* [Work item] Among the entries below, please show each line that carries the word "transform".

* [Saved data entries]
.....

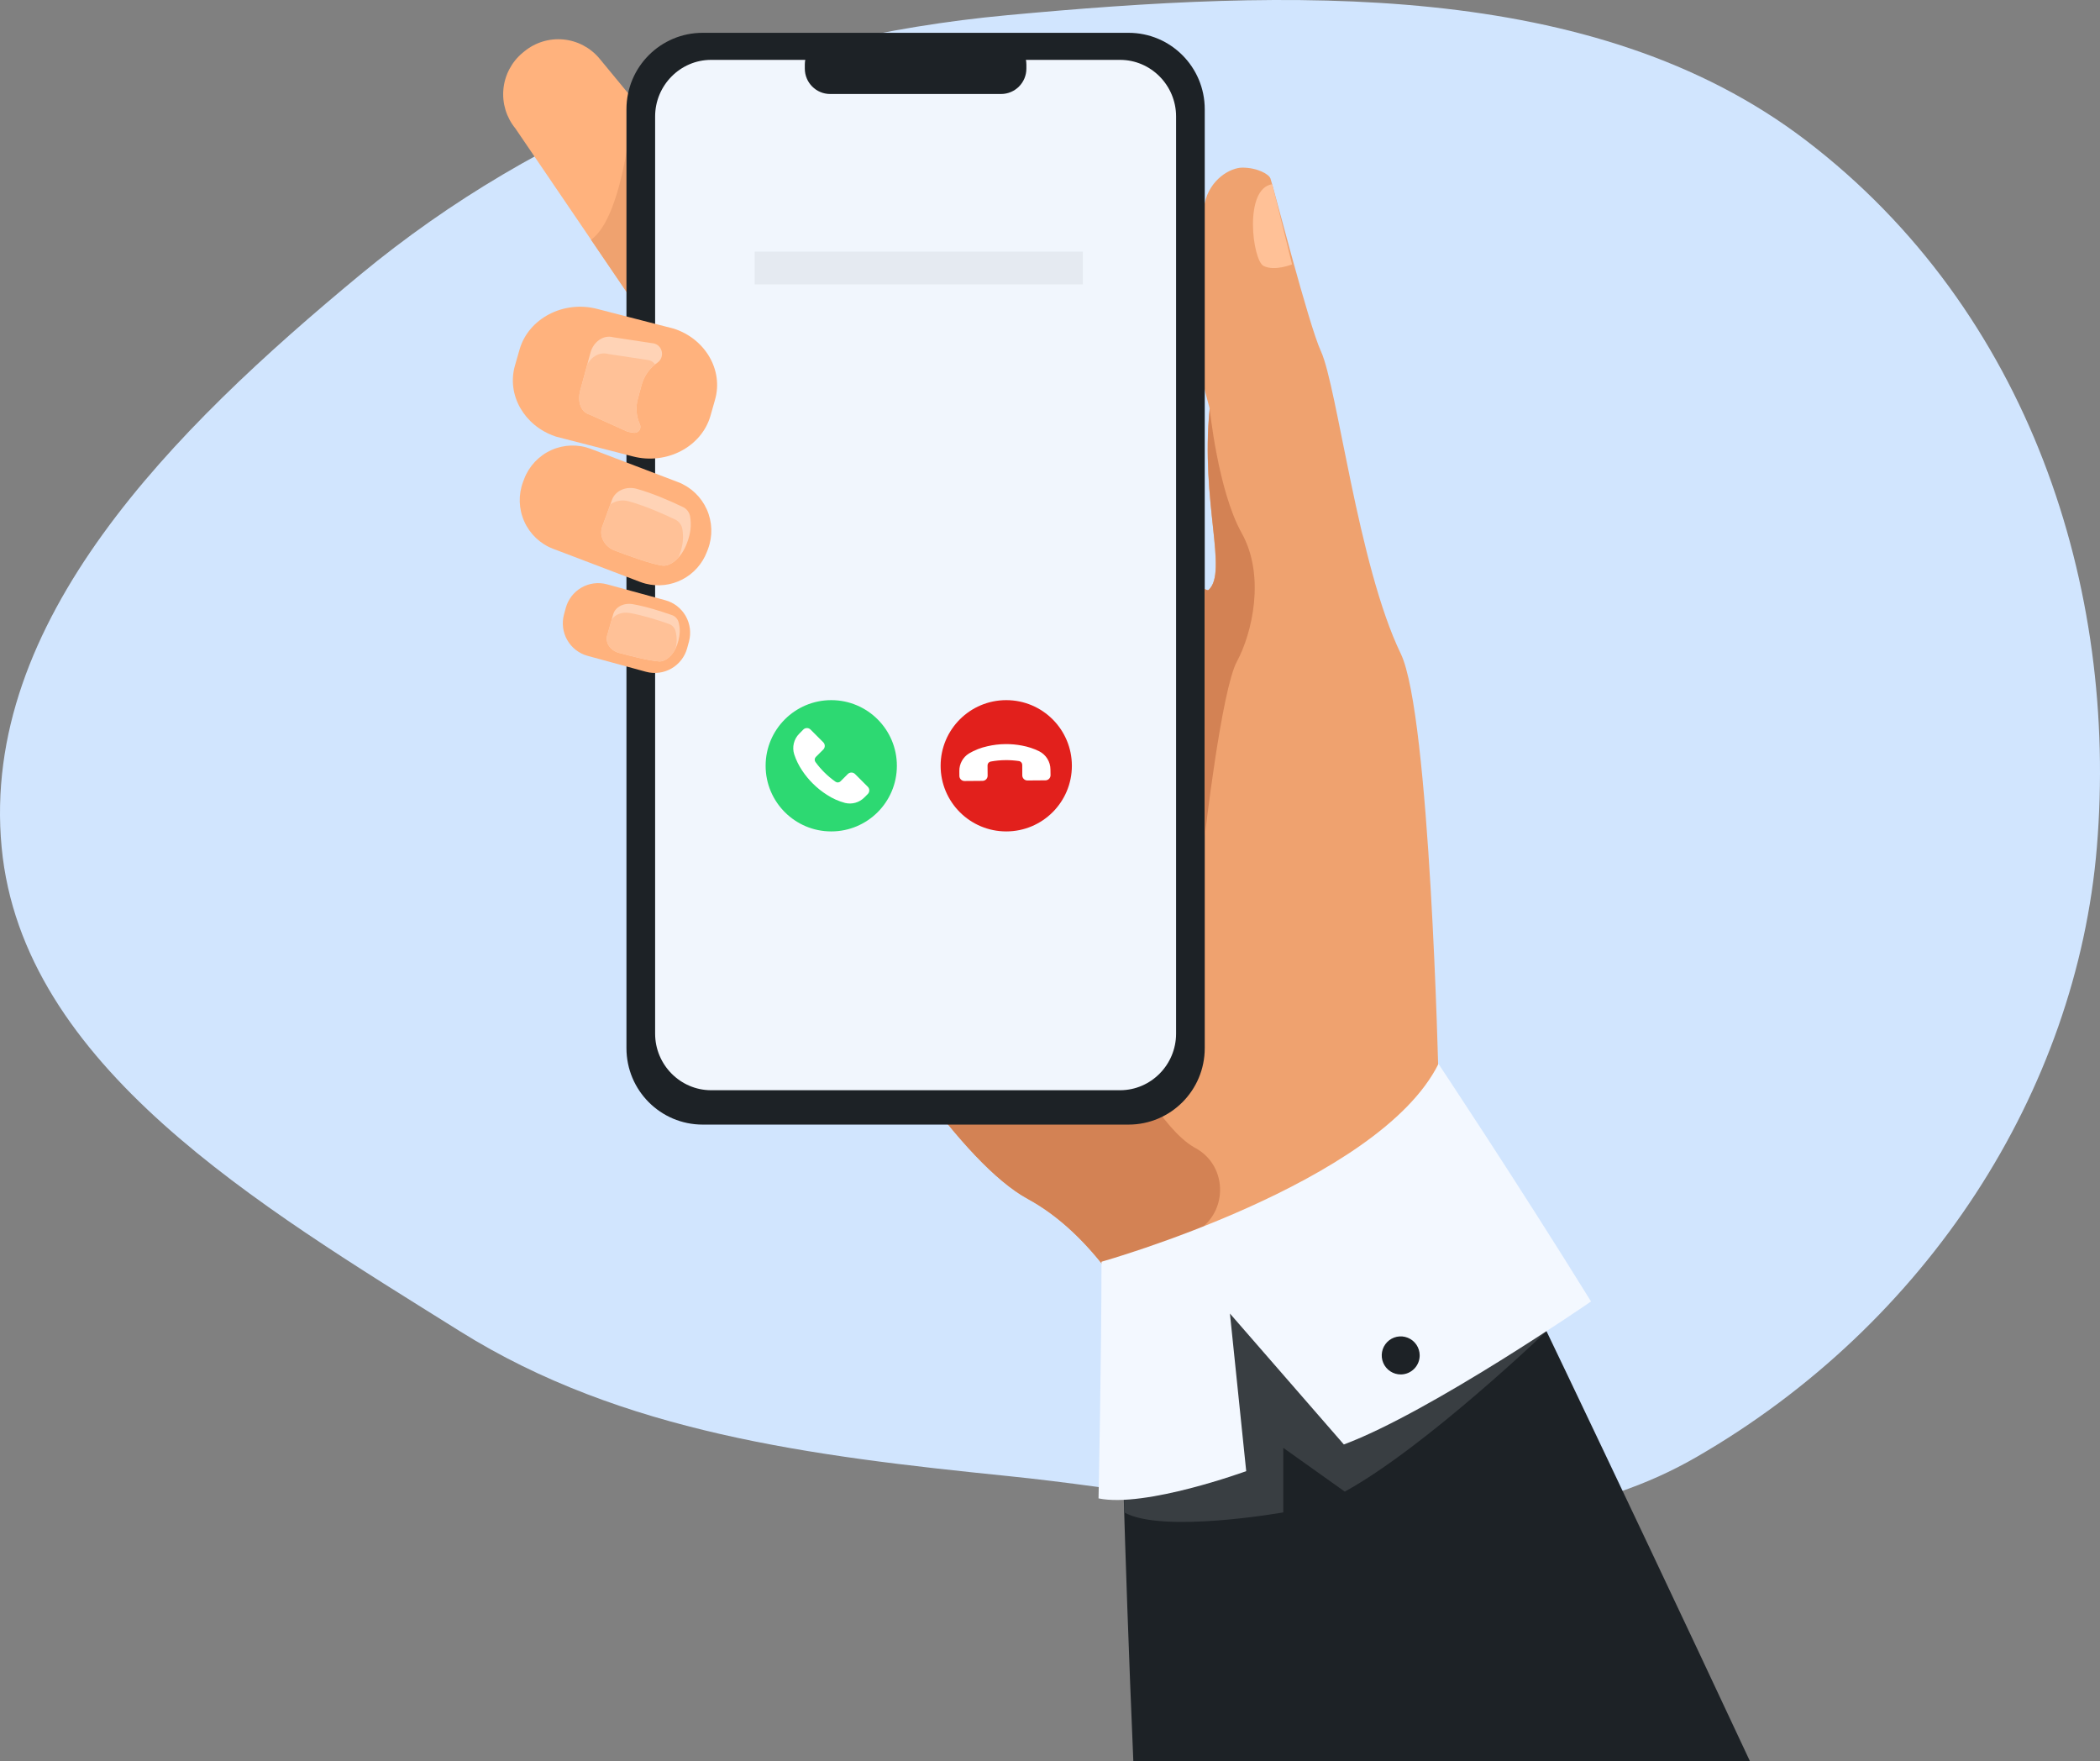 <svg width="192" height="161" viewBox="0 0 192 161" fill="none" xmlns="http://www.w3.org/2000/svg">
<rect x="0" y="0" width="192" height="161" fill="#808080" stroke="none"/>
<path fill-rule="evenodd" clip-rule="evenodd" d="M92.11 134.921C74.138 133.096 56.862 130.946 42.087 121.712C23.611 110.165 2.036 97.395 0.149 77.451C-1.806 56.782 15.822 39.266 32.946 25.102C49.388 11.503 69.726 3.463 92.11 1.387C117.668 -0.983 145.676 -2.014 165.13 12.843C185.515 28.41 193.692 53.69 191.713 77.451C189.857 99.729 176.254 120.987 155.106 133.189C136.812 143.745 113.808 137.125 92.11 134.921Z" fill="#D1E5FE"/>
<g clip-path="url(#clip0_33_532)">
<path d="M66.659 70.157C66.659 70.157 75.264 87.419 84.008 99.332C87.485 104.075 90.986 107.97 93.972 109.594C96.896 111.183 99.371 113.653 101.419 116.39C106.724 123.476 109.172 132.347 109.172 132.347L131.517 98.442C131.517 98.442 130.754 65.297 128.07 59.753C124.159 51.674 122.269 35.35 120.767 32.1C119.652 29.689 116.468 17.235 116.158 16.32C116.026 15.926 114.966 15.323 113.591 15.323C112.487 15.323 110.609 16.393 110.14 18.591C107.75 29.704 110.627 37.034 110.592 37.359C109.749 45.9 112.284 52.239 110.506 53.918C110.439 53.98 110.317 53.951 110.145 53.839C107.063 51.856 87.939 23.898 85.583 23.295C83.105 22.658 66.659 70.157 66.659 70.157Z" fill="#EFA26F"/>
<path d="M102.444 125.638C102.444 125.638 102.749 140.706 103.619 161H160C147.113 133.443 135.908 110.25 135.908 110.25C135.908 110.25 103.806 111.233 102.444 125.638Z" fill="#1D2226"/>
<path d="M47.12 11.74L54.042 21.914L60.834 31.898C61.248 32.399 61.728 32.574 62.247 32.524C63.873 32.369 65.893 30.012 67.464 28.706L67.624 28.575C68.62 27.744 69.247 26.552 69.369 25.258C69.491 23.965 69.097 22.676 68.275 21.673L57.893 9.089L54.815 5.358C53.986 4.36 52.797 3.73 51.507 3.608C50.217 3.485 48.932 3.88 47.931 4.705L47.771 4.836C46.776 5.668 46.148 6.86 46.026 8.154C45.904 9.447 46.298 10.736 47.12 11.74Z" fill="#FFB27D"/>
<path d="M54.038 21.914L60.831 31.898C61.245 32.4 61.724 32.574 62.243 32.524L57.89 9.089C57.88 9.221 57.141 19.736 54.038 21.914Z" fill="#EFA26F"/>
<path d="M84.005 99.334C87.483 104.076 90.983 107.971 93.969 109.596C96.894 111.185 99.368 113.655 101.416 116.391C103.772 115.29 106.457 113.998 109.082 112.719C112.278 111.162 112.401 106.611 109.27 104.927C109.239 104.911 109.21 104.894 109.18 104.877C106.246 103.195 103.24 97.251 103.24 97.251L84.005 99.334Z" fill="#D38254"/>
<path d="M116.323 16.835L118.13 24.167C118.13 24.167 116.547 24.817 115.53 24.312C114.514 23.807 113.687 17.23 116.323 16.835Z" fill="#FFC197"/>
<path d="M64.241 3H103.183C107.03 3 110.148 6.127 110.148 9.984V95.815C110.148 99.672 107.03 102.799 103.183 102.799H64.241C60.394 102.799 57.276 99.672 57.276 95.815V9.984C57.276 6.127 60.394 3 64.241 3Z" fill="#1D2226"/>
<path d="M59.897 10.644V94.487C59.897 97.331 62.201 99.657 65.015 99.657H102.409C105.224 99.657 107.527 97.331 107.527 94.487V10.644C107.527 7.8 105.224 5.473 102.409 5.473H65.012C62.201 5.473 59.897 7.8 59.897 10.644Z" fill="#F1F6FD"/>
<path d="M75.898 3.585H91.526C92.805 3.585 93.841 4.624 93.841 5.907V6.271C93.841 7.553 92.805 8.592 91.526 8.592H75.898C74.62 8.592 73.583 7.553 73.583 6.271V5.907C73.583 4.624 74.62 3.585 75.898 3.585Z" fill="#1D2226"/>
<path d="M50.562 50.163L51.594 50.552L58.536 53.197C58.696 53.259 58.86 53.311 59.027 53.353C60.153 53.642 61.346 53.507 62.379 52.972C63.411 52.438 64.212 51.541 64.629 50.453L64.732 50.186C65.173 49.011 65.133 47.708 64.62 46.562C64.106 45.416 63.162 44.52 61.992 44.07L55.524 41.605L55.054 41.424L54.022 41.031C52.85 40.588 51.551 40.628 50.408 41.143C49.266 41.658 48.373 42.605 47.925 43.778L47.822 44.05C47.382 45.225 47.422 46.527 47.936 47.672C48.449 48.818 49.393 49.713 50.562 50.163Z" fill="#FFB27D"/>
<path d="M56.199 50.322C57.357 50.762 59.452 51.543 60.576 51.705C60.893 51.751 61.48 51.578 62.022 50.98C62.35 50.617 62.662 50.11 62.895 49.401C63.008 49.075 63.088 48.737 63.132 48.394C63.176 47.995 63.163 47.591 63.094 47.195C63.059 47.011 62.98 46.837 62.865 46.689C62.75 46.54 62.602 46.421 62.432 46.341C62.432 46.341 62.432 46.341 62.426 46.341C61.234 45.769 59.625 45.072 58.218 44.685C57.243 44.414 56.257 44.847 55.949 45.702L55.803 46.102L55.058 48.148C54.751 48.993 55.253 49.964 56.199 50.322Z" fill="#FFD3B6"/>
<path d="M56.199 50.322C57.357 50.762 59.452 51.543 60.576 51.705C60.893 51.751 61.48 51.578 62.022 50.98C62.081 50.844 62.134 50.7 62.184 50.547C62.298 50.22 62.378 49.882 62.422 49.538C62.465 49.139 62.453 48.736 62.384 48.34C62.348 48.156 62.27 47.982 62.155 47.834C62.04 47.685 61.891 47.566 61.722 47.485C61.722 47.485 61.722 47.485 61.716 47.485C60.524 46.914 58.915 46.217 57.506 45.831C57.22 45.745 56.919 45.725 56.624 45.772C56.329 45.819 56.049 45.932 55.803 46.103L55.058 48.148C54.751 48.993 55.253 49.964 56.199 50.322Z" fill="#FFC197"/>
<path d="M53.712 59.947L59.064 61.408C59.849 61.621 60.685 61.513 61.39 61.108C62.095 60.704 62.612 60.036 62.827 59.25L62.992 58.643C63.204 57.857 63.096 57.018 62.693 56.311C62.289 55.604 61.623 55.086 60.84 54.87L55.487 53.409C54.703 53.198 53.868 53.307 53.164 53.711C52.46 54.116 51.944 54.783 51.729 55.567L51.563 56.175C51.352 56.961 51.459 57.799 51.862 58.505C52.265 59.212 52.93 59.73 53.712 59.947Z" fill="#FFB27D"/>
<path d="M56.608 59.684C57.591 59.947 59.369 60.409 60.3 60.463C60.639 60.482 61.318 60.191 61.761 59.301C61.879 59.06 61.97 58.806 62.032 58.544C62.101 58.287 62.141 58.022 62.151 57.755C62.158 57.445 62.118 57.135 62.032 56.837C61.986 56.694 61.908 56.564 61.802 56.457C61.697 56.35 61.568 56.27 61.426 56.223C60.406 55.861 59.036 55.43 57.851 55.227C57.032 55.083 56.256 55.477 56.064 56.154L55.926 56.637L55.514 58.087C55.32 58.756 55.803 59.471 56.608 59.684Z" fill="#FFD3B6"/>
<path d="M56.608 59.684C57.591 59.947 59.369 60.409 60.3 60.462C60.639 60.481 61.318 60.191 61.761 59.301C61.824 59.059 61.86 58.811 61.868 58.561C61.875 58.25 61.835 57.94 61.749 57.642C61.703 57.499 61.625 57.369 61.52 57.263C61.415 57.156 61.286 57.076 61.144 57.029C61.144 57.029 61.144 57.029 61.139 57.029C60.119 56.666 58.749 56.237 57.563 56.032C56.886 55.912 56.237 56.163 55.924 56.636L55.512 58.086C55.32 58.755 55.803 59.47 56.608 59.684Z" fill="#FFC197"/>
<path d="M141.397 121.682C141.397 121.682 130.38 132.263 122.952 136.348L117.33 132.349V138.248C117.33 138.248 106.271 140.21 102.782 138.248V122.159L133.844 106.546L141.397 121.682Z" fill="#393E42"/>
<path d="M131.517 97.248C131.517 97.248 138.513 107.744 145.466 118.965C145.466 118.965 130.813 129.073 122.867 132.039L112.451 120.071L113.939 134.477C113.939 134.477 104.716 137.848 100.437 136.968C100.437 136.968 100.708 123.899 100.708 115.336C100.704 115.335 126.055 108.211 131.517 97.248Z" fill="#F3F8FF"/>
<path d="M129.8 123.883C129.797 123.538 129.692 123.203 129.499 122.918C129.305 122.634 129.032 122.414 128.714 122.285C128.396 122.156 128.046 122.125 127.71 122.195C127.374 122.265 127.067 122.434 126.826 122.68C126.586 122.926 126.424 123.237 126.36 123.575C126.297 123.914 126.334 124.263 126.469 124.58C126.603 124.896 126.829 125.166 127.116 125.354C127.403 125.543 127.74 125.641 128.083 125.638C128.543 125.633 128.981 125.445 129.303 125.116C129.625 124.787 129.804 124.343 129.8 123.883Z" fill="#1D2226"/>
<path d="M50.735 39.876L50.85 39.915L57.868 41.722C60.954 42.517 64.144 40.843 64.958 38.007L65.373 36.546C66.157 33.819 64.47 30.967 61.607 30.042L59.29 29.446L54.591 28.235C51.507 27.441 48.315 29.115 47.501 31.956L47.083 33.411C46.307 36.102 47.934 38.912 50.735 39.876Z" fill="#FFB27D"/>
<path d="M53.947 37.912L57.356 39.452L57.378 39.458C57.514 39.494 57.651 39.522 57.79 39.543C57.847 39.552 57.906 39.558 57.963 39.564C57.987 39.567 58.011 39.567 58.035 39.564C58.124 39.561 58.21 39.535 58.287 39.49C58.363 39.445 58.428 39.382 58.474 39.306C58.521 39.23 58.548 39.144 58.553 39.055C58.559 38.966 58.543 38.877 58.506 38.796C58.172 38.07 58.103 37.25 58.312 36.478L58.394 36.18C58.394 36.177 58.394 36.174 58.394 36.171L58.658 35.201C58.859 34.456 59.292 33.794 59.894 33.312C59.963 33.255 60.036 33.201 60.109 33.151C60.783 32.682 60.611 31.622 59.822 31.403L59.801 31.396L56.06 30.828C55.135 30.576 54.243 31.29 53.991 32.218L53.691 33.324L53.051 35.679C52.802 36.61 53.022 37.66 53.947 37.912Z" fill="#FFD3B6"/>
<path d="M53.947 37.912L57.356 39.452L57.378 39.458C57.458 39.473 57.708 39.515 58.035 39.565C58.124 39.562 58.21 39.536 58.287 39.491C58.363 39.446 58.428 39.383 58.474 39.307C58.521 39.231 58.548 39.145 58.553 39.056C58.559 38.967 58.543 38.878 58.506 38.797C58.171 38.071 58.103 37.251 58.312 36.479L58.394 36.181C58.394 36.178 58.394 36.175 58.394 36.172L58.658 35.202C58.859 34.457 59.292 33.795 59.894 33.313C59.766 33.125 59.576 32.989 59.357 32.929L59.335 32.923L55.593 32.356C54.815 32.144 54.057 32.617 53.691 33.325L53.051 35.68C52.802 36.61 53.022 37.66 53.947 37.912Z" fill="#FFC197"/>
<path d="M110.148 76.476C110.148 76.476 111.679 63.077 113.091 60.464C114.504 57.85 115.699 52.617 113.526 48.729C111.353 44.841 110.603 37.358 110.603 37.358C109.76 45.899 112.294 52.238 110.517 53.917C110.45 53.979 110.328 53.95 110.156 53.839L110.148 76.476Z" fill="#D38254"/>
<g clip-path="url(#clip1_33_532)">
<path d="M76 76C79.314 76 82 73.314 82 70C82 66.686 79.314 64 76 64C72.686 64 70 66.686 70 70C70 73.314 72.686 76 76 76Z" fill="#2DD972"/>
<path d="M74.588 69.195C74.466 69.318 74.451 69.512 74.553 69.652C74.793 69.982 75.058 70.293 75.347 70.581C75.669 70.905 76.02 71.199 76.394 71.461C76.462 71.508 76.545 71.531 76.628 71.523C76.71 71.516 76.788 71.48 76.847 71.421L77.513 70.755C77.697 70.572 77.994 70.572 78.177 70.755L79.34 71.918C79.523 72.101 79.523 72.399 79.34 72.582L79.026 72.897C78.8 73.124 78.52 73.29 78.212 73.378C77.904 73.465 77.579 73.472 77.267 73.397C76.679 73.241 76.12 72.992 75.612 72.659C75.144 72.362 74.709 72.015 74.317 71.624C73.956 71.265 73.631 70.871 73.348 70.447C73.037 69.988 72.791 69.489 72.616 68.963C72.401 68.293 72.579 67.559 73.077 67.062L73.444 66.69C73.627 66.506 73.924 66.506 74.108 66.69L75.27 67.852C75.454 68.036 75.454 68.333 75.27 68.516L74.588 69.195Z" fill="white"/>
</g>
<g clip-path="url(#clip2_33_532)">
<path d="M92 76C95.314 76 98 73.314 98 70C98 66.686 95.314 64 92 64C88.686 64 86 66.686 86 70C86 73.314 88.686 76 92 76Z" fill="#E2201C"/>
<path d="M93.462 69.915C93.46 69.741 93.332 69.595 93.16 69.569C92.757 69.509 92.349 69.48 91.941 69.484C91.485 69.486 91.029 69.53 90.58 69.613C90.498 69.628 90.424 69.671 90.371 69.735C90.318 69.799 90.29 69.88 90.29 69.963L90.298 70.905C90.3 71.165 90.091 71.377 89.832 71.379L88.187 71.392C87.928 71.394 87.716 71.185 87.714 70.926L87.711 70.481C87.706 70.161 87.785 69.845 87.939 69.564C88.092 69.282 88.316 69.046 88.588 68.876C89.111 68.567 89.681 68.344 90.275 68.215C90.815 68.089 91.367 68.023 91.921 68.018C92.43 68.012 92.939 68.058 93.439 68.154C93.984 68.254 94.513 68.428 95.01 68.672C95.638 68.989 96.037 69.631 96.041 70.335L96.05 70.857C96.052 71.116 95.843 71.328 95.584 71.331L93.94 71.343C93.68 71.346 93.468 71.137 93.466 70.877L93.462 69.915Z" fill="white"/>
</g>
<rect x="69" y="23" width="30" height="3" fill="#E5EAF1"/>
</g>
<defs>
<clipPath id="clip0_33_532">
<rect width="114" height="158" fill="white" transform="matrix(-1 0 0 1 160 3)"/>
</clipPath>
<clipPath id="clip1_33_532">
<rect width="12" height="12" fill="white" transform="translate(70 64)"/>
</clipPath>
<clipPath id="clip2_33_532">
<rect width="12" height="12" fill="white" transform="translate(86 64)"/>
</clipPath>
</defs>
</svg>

.....

* [Your solution]
<rect width="114" height="158" fill="white" transform="matrix(-1 0 0 1 160 3)"/>
<rect width="12" height="12" fill="white" transform="translate(70 64)"/>
<rect width="12" height="12" fill="white" transform="translate(86 64)"/>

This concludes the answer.